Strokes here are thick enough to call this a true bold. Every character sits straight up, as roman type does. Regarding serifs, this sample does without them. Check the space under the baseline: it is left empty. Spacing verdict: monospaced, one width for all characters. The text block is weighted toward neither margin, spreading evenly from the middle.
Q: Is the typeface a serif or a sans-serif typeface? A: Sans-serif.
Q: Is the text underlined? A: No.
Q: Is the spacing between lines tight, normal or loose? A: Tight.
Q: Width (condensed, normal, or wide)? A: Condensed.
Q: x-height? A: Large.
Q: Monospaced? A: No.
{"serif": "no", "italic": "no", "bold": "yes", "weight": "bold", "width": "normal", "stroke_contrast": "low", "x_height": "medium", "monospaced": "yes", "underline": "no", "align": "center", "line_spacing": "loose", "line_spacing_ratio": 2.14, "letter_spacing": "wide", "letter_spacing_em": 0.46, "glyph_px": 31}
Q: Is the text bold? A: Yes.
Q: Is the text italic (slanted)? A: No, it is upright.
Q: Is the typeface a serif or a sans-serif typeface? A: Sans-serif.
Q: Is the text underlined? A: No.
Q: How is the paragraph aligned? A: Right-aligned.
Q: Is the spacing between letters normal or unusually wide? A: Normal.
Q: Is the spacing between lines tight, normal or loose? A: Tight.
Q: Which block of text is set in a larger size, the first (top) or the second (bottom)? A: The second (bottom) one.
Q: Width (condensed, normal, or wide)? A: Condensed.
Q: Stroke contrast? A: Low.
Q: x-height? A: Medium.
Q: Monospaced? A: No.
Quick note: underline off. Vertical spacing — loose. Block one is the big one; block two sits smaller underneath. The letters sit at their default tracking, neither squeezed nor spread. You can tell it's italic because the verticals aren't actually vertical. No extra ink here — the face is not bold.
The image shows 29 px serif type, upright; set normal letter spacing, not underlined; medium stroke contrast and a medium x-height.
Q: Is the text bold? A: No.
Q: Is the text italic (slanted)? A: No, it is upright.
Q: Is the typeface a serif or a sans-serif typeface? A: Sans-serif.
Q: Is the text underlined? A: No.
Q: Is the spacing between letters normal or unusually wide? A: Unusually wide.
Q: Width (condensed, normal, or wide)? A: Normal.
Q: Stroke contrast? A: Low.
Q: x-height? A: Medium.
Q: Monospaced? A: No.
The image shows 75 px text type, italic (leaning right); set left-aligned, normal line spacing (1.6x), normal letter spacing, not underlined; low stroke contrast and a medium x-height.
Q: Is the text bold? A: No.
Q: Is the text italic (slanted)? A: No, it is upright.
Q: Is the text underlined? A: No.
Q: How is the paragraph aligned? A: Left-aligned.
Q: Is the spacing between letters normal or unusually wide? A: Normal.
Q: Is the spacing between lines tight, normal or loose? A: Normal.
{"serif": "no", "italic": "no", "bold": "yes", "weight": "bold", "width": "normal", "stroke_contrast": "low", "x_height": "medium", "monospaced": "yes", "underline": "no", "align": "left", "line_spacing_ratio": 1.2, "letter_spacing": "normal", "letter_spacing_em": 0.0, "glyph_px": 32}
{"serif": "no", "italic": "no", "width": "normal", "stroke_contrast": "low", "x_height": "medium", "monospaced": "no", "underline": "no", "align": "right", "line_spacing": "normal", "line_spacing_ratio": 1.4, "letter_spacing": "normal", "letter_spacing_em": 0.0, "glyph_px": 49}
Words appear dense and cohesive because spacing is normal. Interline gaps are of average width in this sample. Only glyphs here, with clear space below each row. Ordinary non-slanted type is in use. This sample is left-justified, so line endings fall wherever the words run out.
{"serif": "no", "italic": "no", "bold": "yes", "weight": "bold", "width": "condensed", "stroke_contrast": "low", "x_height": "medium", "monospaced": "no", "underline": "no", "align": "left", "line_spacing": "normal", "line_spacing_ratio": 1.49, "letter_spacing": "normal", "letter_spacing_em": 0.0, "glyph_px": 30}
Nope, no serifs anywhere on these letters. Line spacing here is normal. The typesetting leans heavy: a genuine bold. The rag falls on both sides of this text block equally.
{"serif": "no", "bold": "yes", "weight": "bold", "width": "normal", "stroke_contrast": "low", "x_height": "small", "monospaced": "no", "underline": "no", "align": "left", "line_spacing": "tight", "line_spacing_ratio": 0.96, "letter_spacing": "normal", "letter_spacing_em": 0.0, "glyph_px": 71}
○ ○ ○ ○ ○ ○ ○
Wherever the word "condensed" appears in the listing above, copy that line.

*TASK OUTPUT*:
Q: Width (condensed, normal, or wide)? A: Condensed.
Q: Width (condensed, normal, or wide)? A: Condensed.
Q: Width (condensed, normal, or wide)? A: Normal.
{"serif": "no", "italic": "no", "bold": "yes", "weight": "bold", "width": "condensed", "stroke_contrast": "low", "x_height": "medium", "monospaced": "no", "underline": "no", "align": "left", "line_spacing": "normal", "line_spacing_ratio": 1.49, "letter_spacing": "normal", "letter_spacing_em": 0.0, "glyph_px": 30}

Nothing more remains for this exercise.